При комбинате была больница, где впервые вдохнул в себя воздух Алеша, освободив маму от бремени. Была и школа-интернат, где он учился десять лет, присматриваясь во время школьных экскурсий к трелевочным тракторам и лесовозам. Крупнотоннажным, разумеется. А после школы – каждому свое. Как повезет, а не куда планида вехи расставила – кажется многим, с пустяка начинается дорога, случайным был их первый шаг.
И у Алексея Горлицы началось просто: услышал он, старшеклассник, от учителя рисования, что цвет он чувствует. «Не надо только резкого перехода, лучше через полутона… – говорил ему преподаватель. – Но мысль у вас есть», – показалось юноше, посмотрел учитель на него непросто. Слова, подкрепленные взглядом, и определили начало пути и, как водится, неизбежность кривизны его. А был Алеша мальчиком вихрастым, что в народе считалось признаком упрямства. Набор хромосом он имел деревенского: надеяться ему не на кого.
В девятом классе Алексей стал читать книжки про жанры, о материалах и технике. И с хорошими проходными оценками, поступил после школы в областное училище живописи. «Перспектива, ракурс у вас есть. Но почему так много неба? Давит оно землю», – говорил ему во время учебы преподаватель.
Жил студент в общежитии скромно, получая изредка из деревни холщовый мешочек с присоленным салом, орехами. Как-то сто рублей в посылке получил, по тому времени для него – сумма! С тревогой он рассматривал локти пиджака, надеясь, что еще не скор тот месяц, когда станет видна подкладка. В студенческой столовой он предпочитал, чтоб гарнира было много, а на холсте он любил писать маслом портрет на фоне неба, темнеющего на горизонте.
Здесь надо сказать, что на всю оставшуюся жизнь Алексея повлияла смерть отца – мастера сплавной конторы, затянутого в запань с лесом. Тело нашли среди бревен не скоро: раздавленное, почерневшее, местами обглоданное рыбой. И в гробу впечатлительный сын увидел страх, впервые испытал ужас от неумолимо надвигающейся на него жизни. Летом Алексей косил, копнил, скирдовал с мужиками; в училище стыдился старых отцовских рубах, не по размеру ему больших.

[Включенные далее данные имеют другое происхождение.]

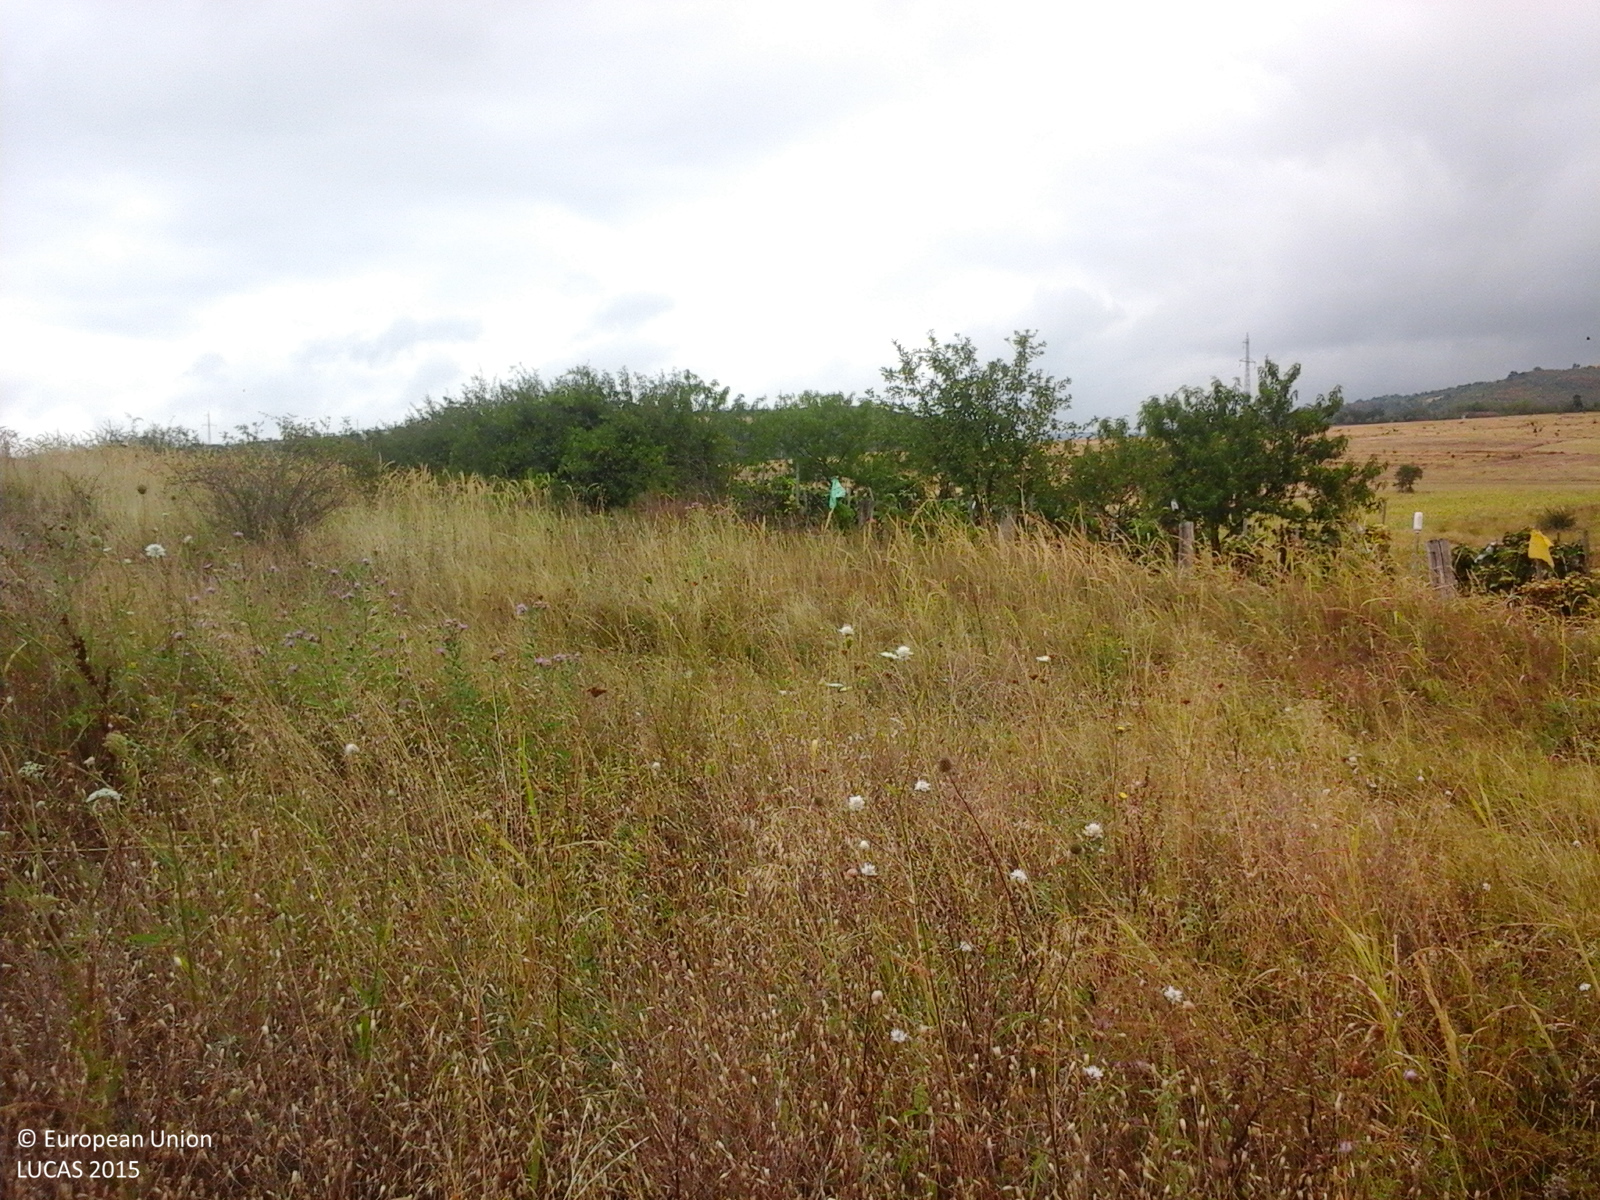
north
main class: Grassland
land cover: Spontaneously vegetated surfaces
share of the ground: > 75 %
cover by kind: herbaceous plants 100 %
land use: Fallow land
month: August
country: RO
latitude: 44.7727
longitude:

– Мало уделяете внимания эпохе, свершениям социалистического строительства. Сегодня это важно. И о природе можно повеселее написать, – спустя четыре года говорил Горлице его руководитель дипломной работы. – Дышится тяжело, глядя на ваши… творения, – неодобрительно головой качал.

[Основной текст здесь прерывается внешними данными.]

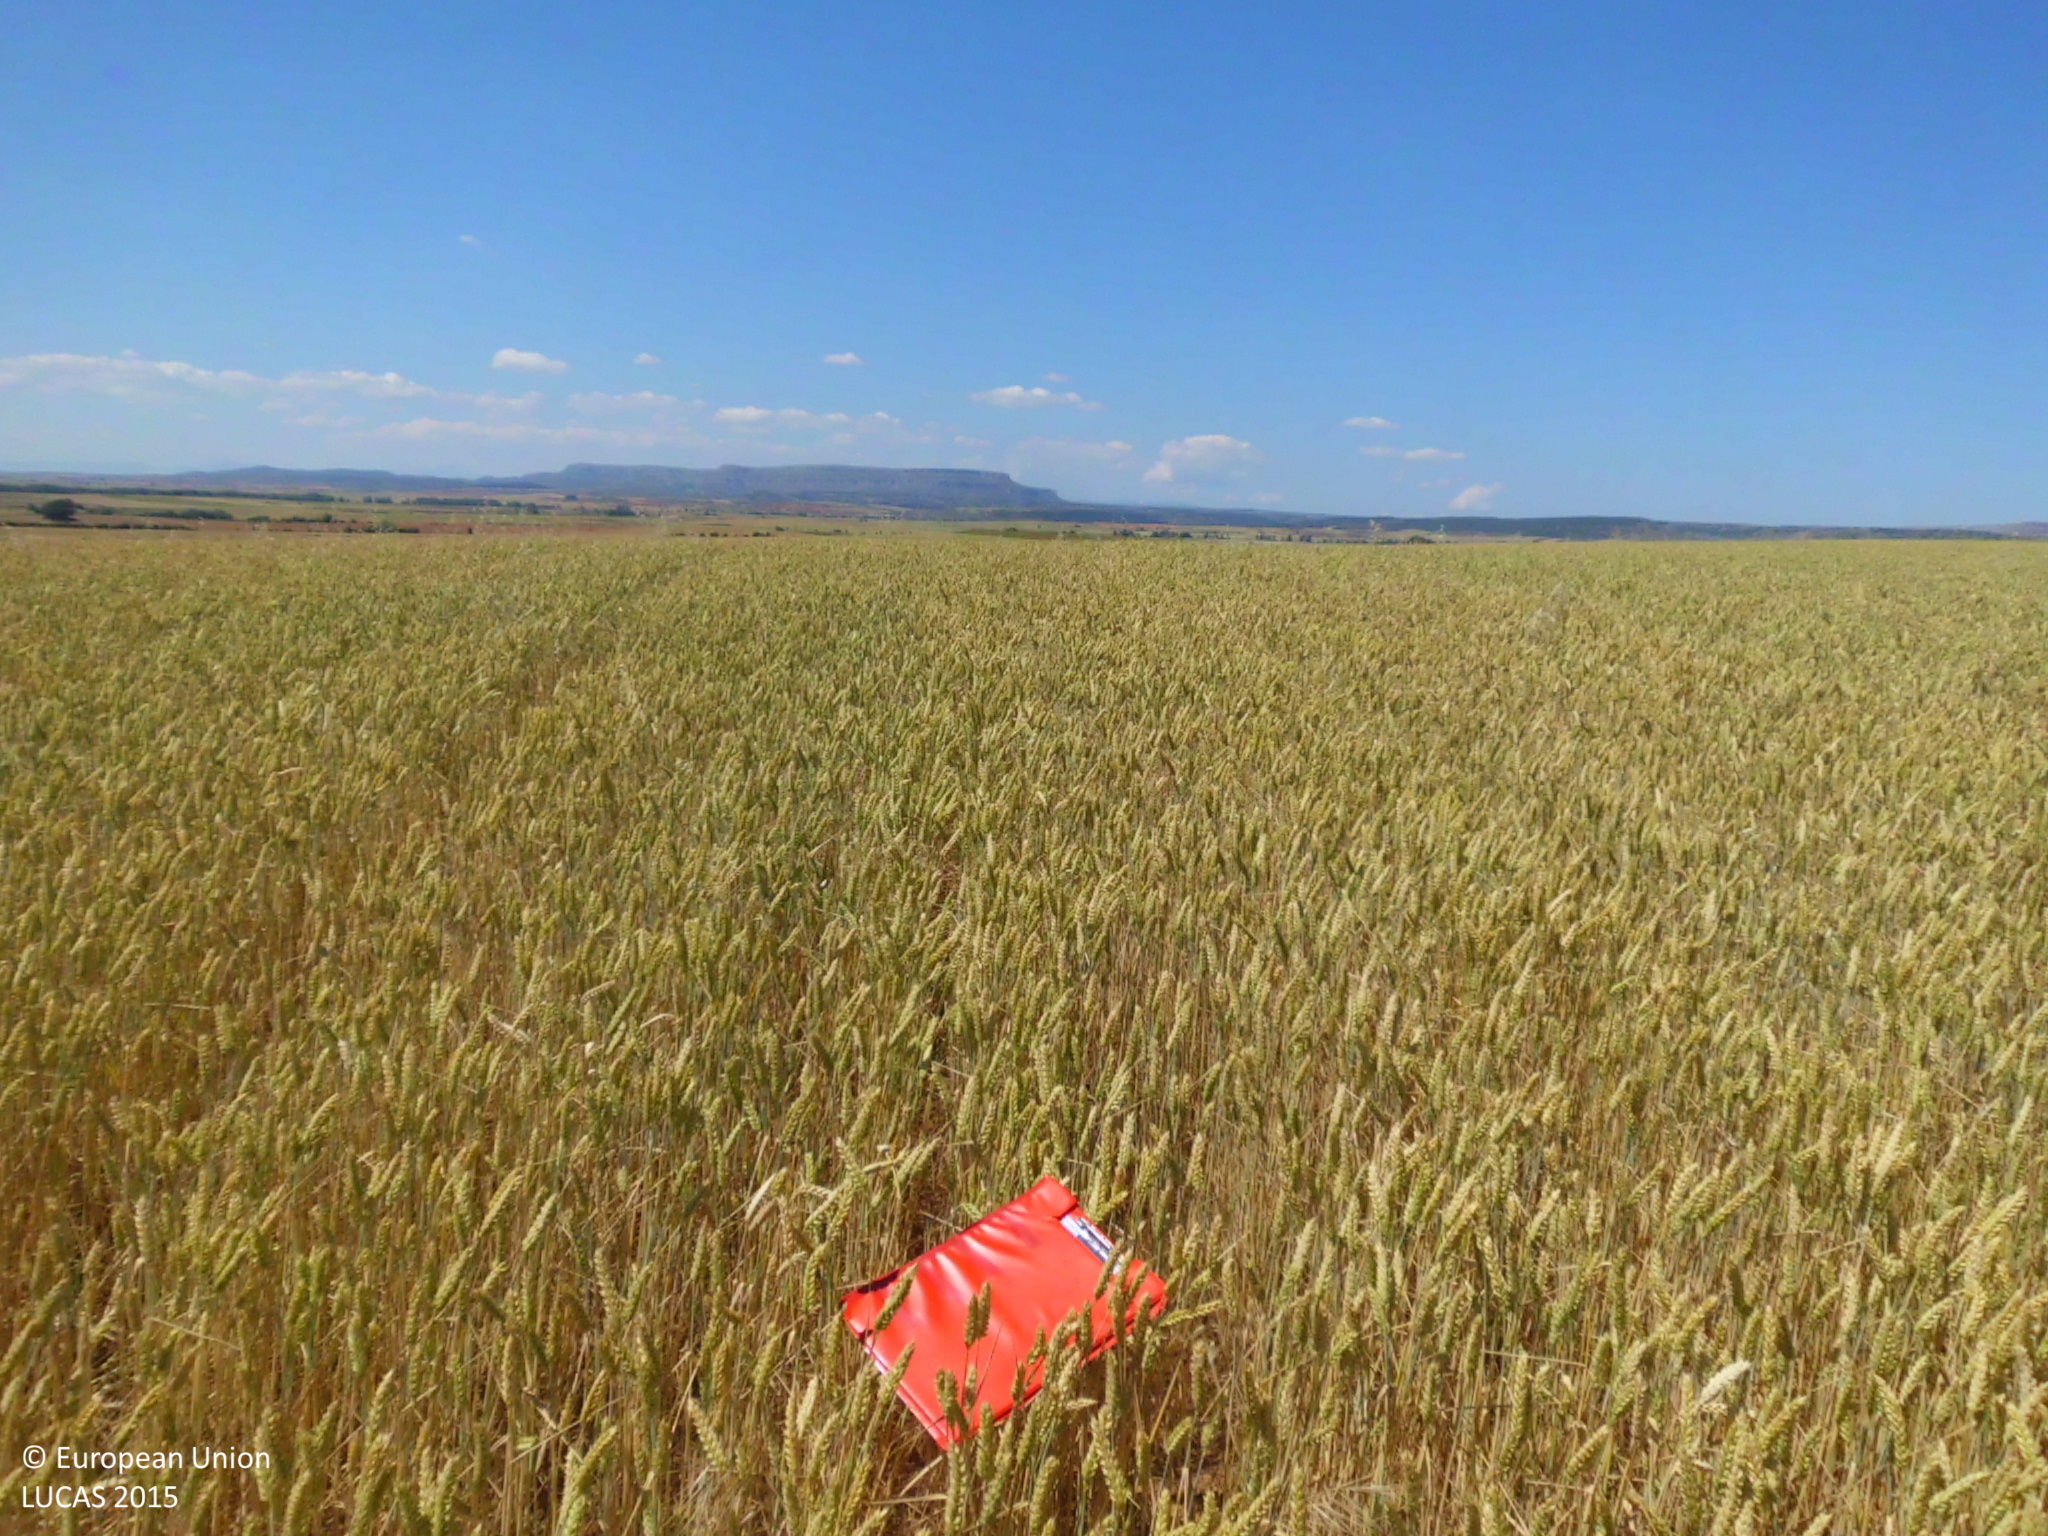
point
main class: Cropland
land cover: Common wheat
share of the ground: > 75 %
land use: Agriculture (excluding fallow land and kitchen gardens)
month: June
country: ES
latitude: 42.5462
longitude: -4.0604

«Было бы можно, на лоб всем ставили бы штампы, как на мебель или простыни-наволочки», – с таким настроением вошел в жизнь художник Алексей Горлица.
Казалось, вечно его здоровье, потому что красками цвела его весна. Хорошо ему, когда объятия любимой краше песни. Когда есть два-три друга, с которыми можно часами говорить о передвижниках, авангардистах и о материалах, технике исполнения и жанрах. Хорошее время года – весна.
Но не мог он не чувствовать вектор, заданный ему генами и обстоятельствами: и на фоне зелени лета, в глазах старого, почерневшего от солнца пастуха мысль: кто он на этой земле? Сгорбленный, навалившийся на посох, блестящий от касания рук. Стар брезентовый плащ, носки его сапог – серые от бесконечной ходьбы по неровной местности. Слишком очевидно: достаточно было у человека дорог, что поизносилась обувь, посох его как полированный.
– Страшно далек он от народа, – острили у его картины любители улыбнуться между собою. Непонятен им пастух, дни которого сочтены; глаза слезятся. – Ветреный день, однако, – мстили.
Все продолжительнее время между выставками картин у Горлицы. Не скрывая, некоторые из выставкомовских кривили губы на его «Человек, окруженный толпой».
Нехорошая полоса началась в жизни. Одно к одному у Алексея в тот год: мать умерла «от сердца», жена стала прибаливать, имеющие над ним власть как-то по-особенному хмуриться стали. Умели вздохнуть, прежде чем начать с ним разговор. А еще нехорошо то, что двухкомнатную квартиру ему уже готовы были дать и неожиданно что-то в профкоме не состоялось. Дали однокомнатную в одном из районов индустриального правобережья озера Зеленоярское. Заводская труба дымит далеко, но если ветерок в их сторону, в квартире чувствуется трудовой ритм комбината «Зеленоярскхимпром». Плохо – этаж пятый, а у него сын в детской коляске.
Но квартира на солнечной стороне, в середине квартала, до автобусной остановки минут десять. Да, жене нездоровится, но поправится, молодая. Вон, сын растет у него. Нет, не понимал человек, кому он обязан всем, о социализме и раза не сказал хорошо. (А на прошлой неделе, кстати сказать, какие они сыну славненькие купили ползунки!) Мог бы радоваться, а он: кислород, видите ли, ему перекрывают. Да еще: «А судьи кто?» – возмущался, как бы горе его, Алексея, от ума его, Алексеева. Друзья после училища разъехались, душу ему излить не перед кем.
Все сложилось аккуратно, как по программе у него, чтоб написать в журнал «Искусство». И он написал, почти эссе сочинил. Утверждая мысль старую как мир: застой возникает в закрытом пространстве. И что это заметно в стране (sic!) и в современном изобразительном искусстве. Нехорошую тень этим бросил на жанр.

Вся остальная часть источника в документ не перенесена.